## Task details
In the records below, find the line containing "ఇట నింక నెనరువా రెవ్వరు గలరు?"; give it again exactly, along with every line that follows, and nothing else.

## Records for this exercise
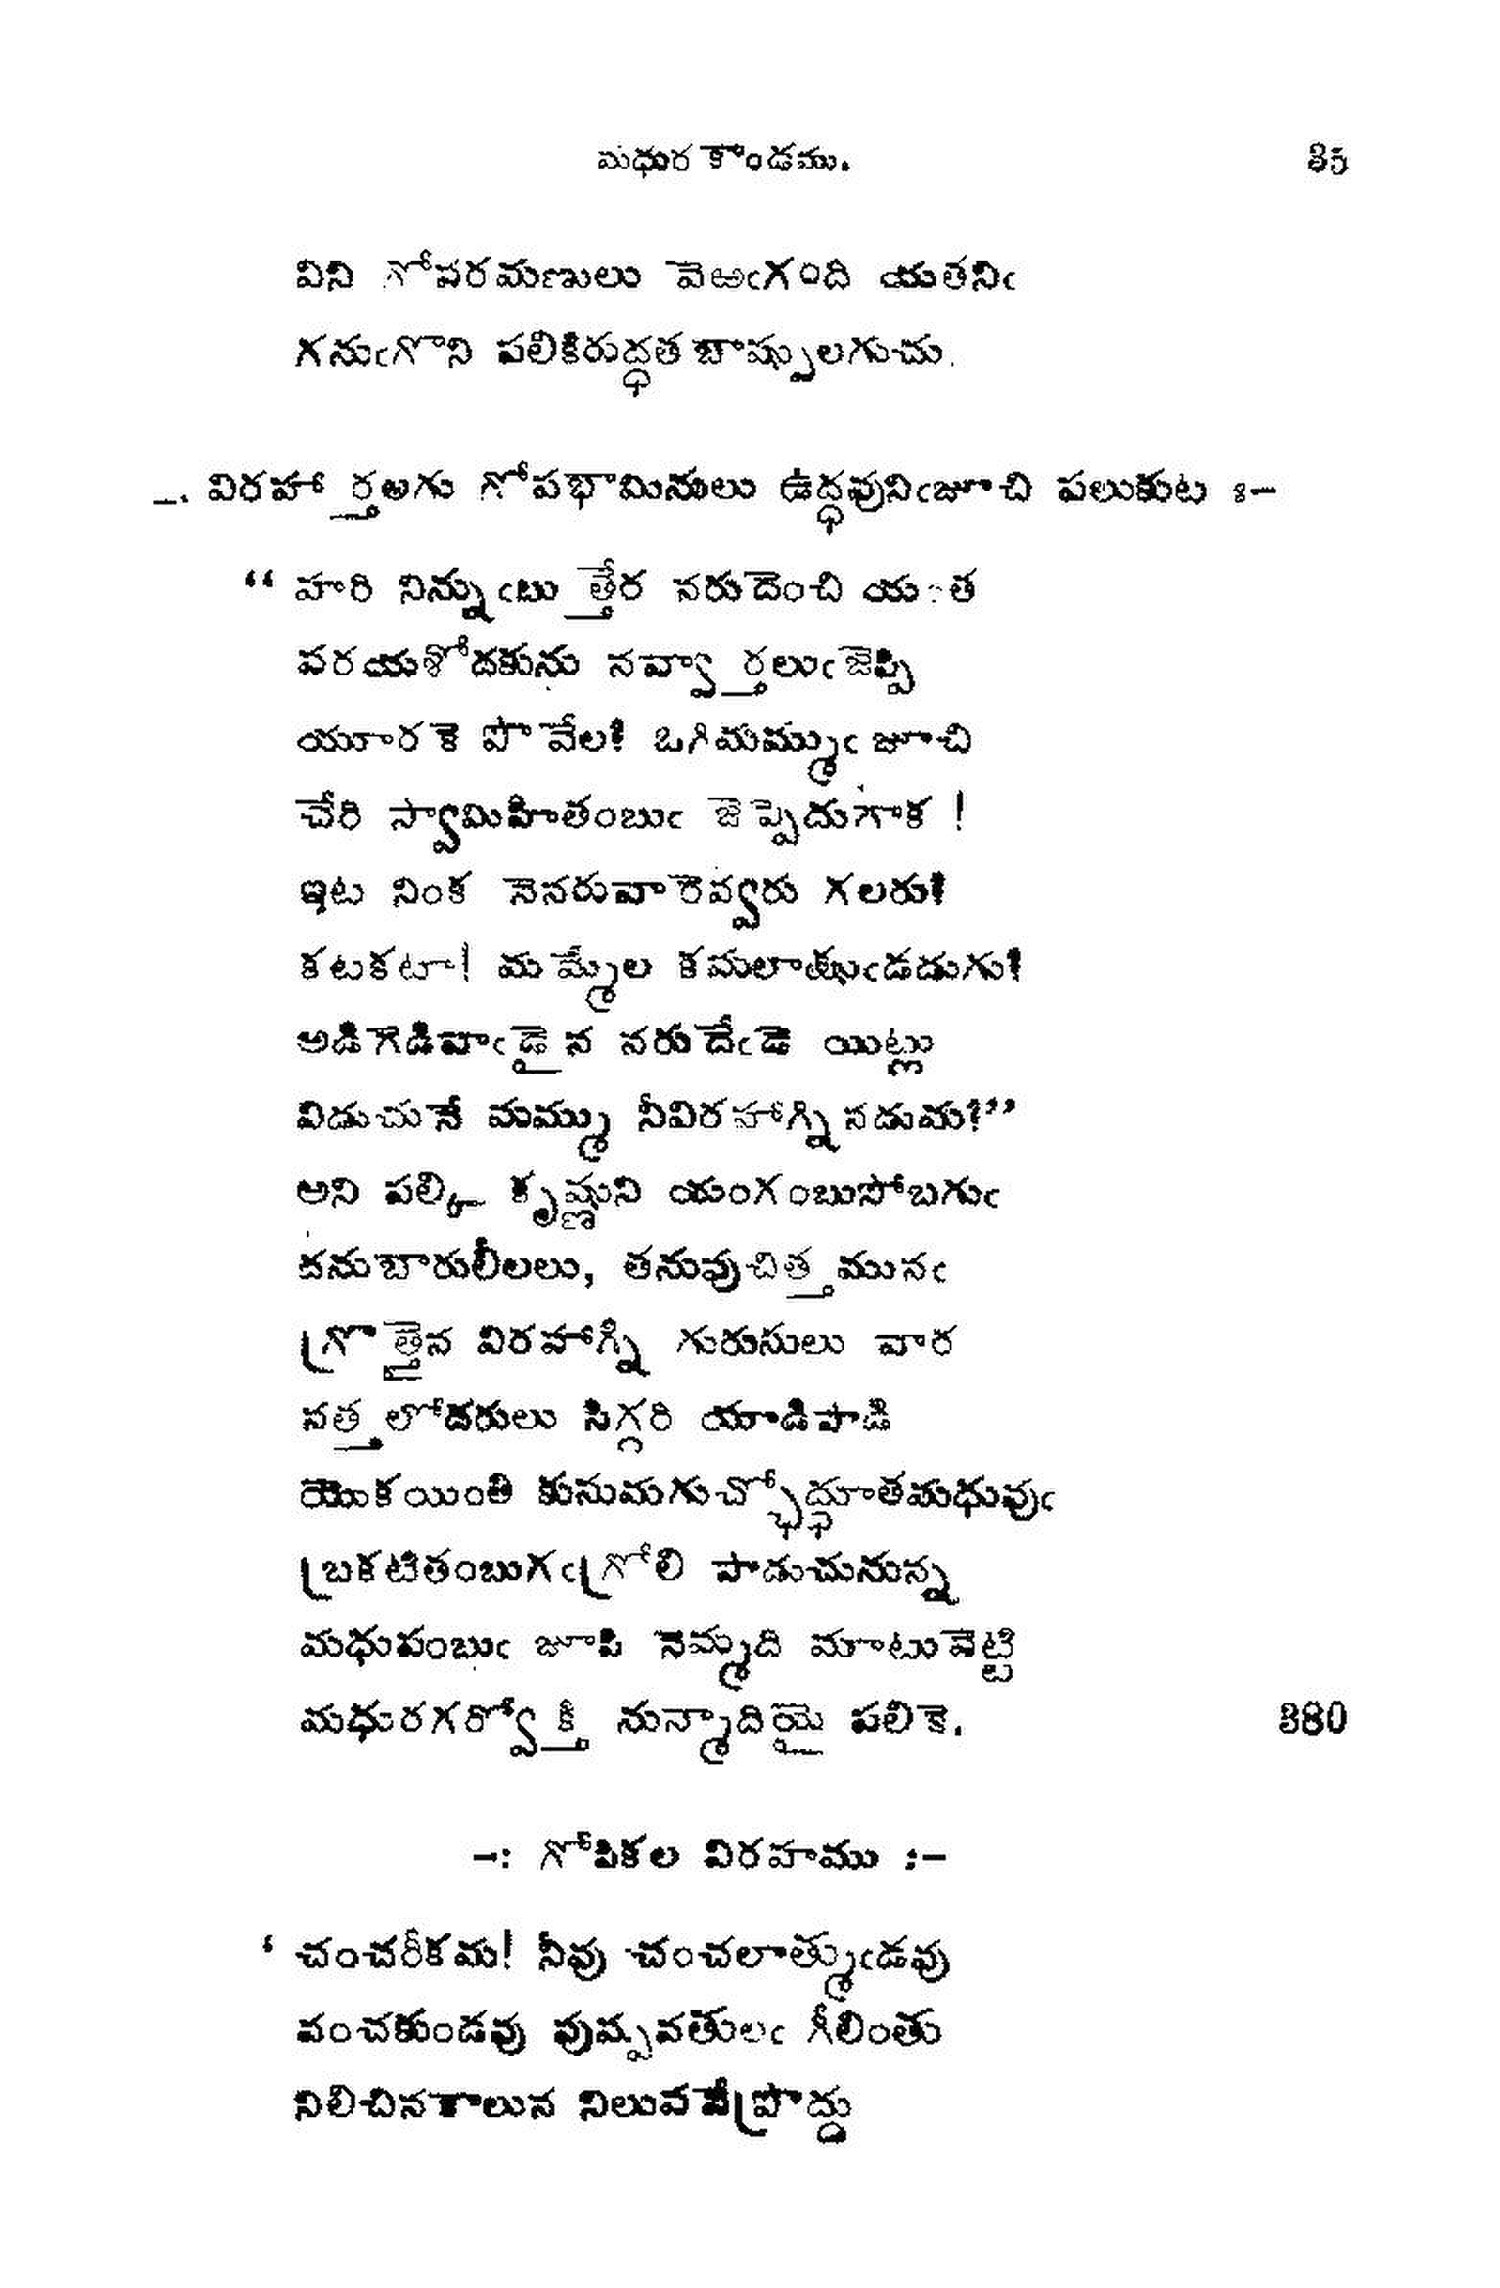విని గోవరమణులు వెఱఁగంది యతనిఁ
గనుఁగొని పలికి రుద్ధతబాష్పు లగుచు,

“హరి నిన్నుఁ బుత్తేర నరుదెంచి యంత
వరయశోదకును నవ్వార్తలుఁ జెప్పి
యూరకె పోవేల? ఒగి మమ్ముఁ జూచి
చేరి స్వామిహితంబుఁ జెప్పెదుగాక!
ఇట నింక నెనరువా రెవ్వరు గలరు?
కటకటా! మమ్మేల కమలాక్షుఁ డడుగు?
అడిగెడివాఁడైన నరుదేఁడె యిట్లు
విడుచునే మమ్ము నీవిరహాగ్నినడుమ?"
అని పల్కి కృష్ణుని యంగంబుసొబగుఁ
కనుబారులీలలు, తనువు చిత్తమునఁ
గ్రొత్తైన విరహాగ్ని గురుసులు వార
నత్తలోదరులు సిగ్గరి యాడిపాడి
యొకయింతి కుసుమగుచ్ఛోద్ధూతమధువుఁ
బ్రకటితంబుగఁ గ్రోలి పాడుచునున్న
మధుపంబుఁ జూపి నెమ్మది మాటువెట్టి
మధురగర్వోక్తి నున్మాదియై పలికె.

“చంచరీకమ! నీవు చంచలాత్ముఁడవు
వంచకుండవు పుష్పవతులఁ గీలింతు
నిలిచినకాలున నిలువ వేప్రొద్దు

## Finished exercise
ఇట నింక నెనరువా రెవ్వరు గలరు?
కటకటా! మమ్మేల కమలాక్షుఁ డడుగు?
అడిగెడివాఁడైన నరుదేఁడె యిట్లు
విడుచునే మమ్ము నీవిరహాగ్నినడుమ?"
అని పల్కి కృష్ణుని యంగంబుసొబగుఁ
కనుబారులీలలు, తనువు చిత్తమునఁ
గ్రొత్తైన విరహాగ్ని గురుసులు వార
నత్తలోదరులు సిగ్గరి యాడిపాడి
యొకయింతి కుసుమగుచ్ఛోద్ధూతమధువుఁ
బ్రకటితంబుగఁ గ్రోలి పాడుచునున్న
మధుపంబుఁ జూపి నెమ్మది మాటువెట్టి
మధురగర్వోక్తి నున్మాదియై పలికె.

“చంచరీకమ! నీవు చంచలాత్ముఁడవు
వంచకుండవు పుష్పవతులఁ గీలింతు
నిలిచినకాలున నిలువ వేప్రొద్దు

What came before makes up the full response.